▶ [Dataset excerpts]
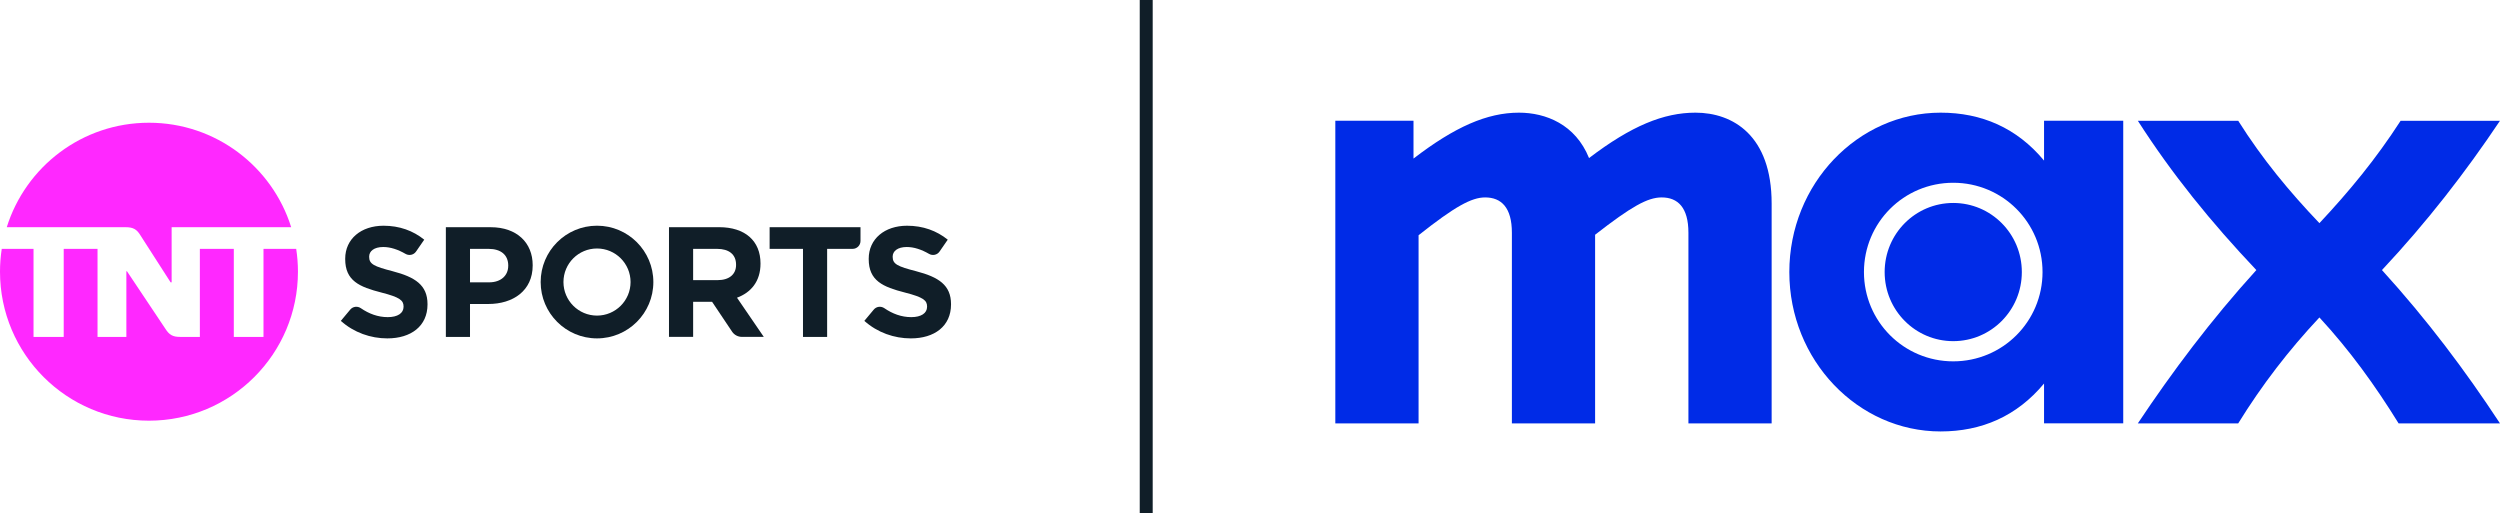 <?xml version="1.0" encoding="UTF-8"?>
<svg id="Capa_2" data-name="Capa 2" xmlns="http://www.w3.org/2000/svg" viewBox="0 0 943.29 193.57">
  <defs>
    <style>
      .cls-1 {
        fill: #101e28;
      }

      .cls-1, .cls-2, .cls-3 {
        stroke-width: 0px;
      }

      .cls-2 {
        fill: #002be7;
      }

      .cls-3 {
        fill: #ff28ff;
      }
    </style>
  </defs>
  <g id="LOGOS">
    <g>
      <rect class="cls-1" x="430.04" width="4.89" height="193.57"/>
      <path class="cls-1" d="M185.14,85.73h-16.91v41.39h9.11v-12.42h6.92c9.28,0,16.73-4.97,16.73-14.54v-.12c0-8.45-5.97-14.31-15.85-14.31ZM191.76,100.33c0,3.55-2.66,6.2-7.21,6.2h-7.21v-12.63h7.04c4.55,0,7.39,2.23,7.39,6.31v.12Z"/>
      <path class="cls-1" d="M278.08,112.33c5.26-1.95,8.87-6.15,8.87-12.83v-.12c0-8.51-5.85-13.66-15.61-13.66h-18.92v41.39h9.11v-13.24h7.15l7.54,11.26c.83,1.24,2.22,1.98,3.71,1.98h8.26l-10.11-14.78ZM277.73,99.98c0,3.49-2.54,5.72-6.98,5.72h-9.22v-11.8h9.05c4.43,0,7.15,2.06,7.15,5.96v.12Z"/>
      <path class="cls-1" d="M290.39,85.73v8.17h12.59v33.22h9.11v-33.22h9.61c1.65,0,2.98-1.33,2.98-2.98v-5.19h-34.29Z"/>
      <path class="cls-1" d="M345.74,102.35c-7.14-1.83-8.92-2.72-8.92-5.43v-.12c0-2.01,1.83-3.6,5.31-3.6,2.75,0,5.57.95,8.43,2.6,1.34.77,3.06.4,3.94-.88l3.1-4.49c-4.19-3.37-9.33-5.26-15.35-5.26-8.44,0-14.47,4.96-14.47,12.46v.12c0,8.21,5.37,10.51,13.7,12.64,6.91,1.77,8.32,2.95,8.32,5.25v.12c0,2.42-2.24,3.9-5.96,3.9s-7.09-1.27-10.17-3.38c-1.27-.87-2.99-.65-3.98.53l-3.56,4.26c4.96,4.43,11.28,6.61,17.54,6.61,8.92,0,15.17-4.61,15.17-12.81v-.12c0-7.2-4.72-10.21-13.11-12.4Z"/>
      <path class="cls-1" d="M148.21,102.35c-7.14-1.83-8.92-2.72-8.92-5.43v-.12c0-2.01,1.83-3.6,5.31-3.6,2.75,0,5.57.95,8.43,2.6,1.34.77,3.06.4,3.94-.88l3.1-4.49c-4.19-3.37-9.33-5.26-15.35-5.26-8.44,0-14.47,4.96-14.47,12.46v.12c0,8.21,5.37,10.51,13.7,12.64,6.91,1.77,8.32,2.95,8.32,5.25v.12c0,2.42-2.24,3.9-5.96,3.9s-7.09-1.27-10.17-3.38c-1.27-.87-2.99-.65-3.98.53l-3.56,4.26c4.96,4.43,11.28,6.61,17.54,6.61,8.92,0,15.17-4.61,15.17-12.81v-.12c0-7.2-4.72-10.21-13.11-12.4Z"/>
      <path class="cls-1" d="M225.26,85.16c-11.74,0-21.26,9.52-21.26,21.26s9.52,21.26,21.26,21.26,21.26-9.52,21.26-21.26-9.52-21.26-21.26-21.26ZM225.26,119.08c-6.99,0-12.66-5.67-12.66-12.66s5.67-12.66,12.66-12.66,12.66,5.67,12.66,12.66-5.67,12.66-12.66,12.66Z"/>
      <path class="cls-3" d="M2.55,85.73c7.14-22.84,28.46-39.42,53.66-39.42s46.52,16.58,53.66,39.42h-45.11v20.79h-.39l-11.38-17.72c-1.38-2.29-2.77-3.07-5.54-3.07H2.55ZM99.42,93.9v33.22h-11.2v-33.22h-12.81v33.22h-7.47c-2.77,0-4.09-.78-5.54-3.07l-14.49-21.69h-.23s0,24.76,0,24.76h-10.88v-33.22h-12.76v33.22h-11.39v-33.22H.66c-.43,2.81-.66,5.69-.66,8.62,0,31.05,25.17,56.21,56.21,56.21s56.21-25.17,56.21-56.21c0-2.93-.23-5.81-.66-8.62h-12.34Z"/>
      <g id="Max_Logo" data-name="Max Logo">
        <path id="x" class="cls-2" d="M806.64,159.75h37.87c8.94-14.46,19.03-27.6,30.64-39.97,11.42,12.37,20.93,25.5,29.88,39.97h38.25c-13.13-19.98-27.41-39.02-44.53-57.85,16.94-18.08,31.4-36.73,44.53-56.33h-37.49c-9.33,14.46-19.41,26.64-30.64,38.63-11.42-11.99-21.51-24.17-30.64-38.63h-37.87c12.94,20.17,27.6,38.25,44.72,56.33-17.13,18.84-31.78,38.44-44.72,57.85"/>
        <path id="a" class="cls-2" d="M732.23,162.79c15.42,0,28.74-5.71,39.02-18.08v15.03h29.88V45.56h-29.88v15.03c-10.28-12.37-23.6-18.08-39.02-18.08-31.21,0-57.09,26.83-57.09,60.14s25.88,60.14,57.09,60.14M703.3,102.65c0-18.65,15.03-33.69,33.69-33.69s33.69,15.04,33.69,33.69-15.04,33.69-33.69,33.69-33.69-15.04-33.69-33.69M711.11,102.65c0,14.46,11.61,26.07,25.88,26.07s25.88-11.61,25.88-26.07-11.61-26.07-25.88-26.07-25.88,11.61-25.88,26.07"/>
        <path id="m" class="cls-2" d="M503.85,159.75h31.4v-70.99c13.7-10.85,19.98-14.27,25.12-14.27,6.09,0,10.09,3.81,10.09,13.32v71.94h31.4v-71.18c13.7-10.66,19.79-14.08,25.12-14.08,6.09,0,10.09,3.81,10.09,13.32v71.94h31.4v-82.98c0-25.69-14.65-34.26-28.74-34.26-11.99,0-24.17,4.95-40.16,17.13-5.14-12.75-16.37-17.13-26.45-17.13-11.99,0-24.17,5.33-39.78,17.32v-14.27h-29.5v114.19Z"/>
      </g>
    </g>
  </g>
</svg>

▶ [Exercise] Without the images, output all the entries exactly as they stand.

▶ [Response for this exercise]
 <?xml version="1.0" encoding="UTF-8"?>
<svg id="Capa_2" data-name="Capa 2" xmlns="http://www.w3.org/2000/svg" viewBox="0 0 943.29 193.57">
  <defs>
    <style>
      .cls-1 {
        fill: #101e28;
      }

      .cls-1, .cls-2, .cls-3 {
        stroke-width: 0px;
      }

      .cls-2 {
        fill: #002be7;
      }

      .cls-3 {
        fill: #ff28ff;
      }
    </style>
  </defs>
  <g id="LOGOS">
    <g>
      <rect class="cls-1" x="430.04" width="4.89" height="193.57"/>
      <path class="cls-1" d="M185.14,85.73h-16.91v41.39h9.11v-12.42h6.92c9.28,0,16.73-4.97,16.73-14.54v-.12c0-8.45-5.97-14.31-15.85-14.31ZM191.76,100.33c0,3.55-2.66,6.2-7.21,6.2h-7.21v-12.63h7.04c4.55,0,7.39,2.23,7.39,6.31v.12Z"/>
      <path class="cls-1" d="M278.08,112.33c5.26-1.95,8.87-6.15,8.87-12.83v-.12c0-8.51-5.85-13.66-15.61-13.66h-18.92v41.39h9.11v-13.24h7.15l7.54,11.26c.83,1.24,2.22,1.98,3.71,1.98h8.26l-10.11-14.78ZM277.73,99.98c0,3.49-2.54,5.72-6.98,5.72h-9.22v-11.8h9.05c4.43,0,7.15,2.06,7.15,5.96v.12Z"/>
      <path class="cls-1" d="M290.39,85.73v8.17h12.59v33.22h9.11v-33.22h9.61c1.65,0,2.98-1.33,2.98-2.98v-5.19h-34.29Z"/>
      <path class="cls-1" d="M345.74,102.35c-7.14-1.83-8.92-2.72-8.92-5.43v-.12c0-2.01,1.83-3.6,5.31-3.6,2.75,0,5.57.95,8.43,2.6,1.34.77,3.06.4,3.94-.88l3.1-4.49c-4.19-3.37-9.33-5.26-15.35-5.26-8.44,0-14.47,4.96-14.47,12.46v.12c0,8.21,5.37,10.51,13.7,12.64,6.91,1.77,8.32,2.95,8.32,5.25v.12c0,2.42-2.24,3.9-5.96,3.9s-7.09-1.27-10.17-3.38c-1.27-.87-2.99-.65-3.98.53l-3.56,4.26c4.96,4.43,11.28,6.61,17.54,6.61,8.92,0,15.17-4.61,15.17-12.81v-.12c0-7.2-4.72-10.21-13.11-12.4Z"/>
      <path class="cls-1" d="M148.21,102.35c-7.14-1.83-8.92-2.72-8.92-5.43v-.12c0-2.01,1.83-3.6,5.31-3.6,2.75,0,5.57.95,8.43,2.6,1.34.77,3.06.4,3.94-.88l3.1-4.49c-4.19-3.37-9.33-5.26-15.35-5.26-8.44,0-14.47,4.96-14.47,12.46v.12c0,8.21,5.37,10.51,13.7,12.64,6.91,1.77,8.32,2.95,8.32,5.25v.12c0,2.42-2.24,3.9-5.96,3.9s-7.09-1.27-10.17-3.38c-1.27-.87-2.99-.65-3.98.53l-3.56,4.26c4.96,4.43,11.28,6.61,17.54,6.61,8.92,0,15.17-4.61,15.17-12.81v-.12c0-7.2-4.72-10.21-13.11-12.4Z"/>
      <path class="cls-1" d="M225.26,85.16c-11.74,0-21.26,9.52-21.26,21.26s9.52,21.26,21.26,21.26,21.26-9.52,21.26-21.26-9.52-21.26-21.26-21.26ZM225.26,119.08c-6.99,0-12.66-5.67-12.66-12.66s5.67-12.66,12.66-12.66,12.66,5.67,12.66,12.66-5.67,12.66-12.66,12.66Z"/>
      <path class="cls-3" d="M2.55,85.73c7.14-22.84,28.46-39.42,53.66-39.42s46.52,16.58,53.66,39.42h-45.11v20.79h-.39l-11.38-17.72c-1.38-2.29-2.77-3.07-5.54-3.07H2.55ZM99.42,93.9v33.22h-11.2v-33.22h-12.81v33.22h-7.47c-2.77,0-4.09-.78-5.54-3.07l-14.49-21.69h-.23s0,24.76,0,24.76h-10.88v-33.22h-12.76v33.22h-11.39v-33.22H.66c-.43,2.81-.66,5.69-.66,8.62,0,31.05,25.17,56.21,56.21,56.21s56.21-25.17,56.21-56.21c0-2.93-.23-5.81-.66-8.62h-12.34Z"/>
      <g id="Max_Logo" data-name="Max Logo">
        <path id="x" class="cls-2" d="M806.64,159.75h37.87c8.94-14.46,19.03-27.6,30.64-39.97,11.42,12.37,20.93,25.5,29.88,39.97h38.25c-13.13-19.98-27.41-39.02-44.53-57.85,16.94-18.08,31.4-36.73,44.53-56.33h-37.49c-9.33,14.46-19.41,26.64-30.64,38.63-11.42-11.99-21.51-24.17-30.64-38.63h-37.87c12.94,20.17,27.6,38.25,44.72,56.33-17.13,18.84-31.78,38.44-44.72,57.85"/>
        <path id="a" class="cls-2" d="M732.23,162.79c15.42,0,28.74-5.71,39.02-18.08v15.03h29.88V45.56h-29.88v15.03c-10.28-12.37-23.6-18.08-39.02-18.08-31.21,0-57.09,26.83-57.09,60.14s25.88,60.14,57.09,60.14M703.3,102.65c0-18.65,15.03-33.69,33.69-33.69s33.69,15.04,33.69,33.69-15.04,33.69-33.69,33.69-33.69-15.04-33.69-33.69M711.11,102.65c0,14.46,11.61,26.07,25.88,26.07s25.88-11.61,25.88-26.07-11.61-26.07-25.88-26.07-25.88,11.61-25.88,26.07"/>
        <path id="m" class="cls-2" d="M503.85,159.75h31.4v-70.99c13.7-10.85,19.98-14.27,25.12-14.27,6.09,0,10.09,3.81,10.09,13.32v71.94h31.4v-71.18c13.7-10.66,19.79-14.08,25.12-14.08,6.09,0,10.09,3.81,10.09,13.32v71.94h31.4v-82.98c0-25.69-14.65-34.26-28.74-34.26-11.99,0-24.17,4.95-40.16,17.13-5.14-12.75-16.37-17.13-26.45-17.13-11.99,0-24.17,5.33-39.78,17.32v-14.27h-29.5v114.19Z"/>
      </g>
    </g>
  </g>
</svg>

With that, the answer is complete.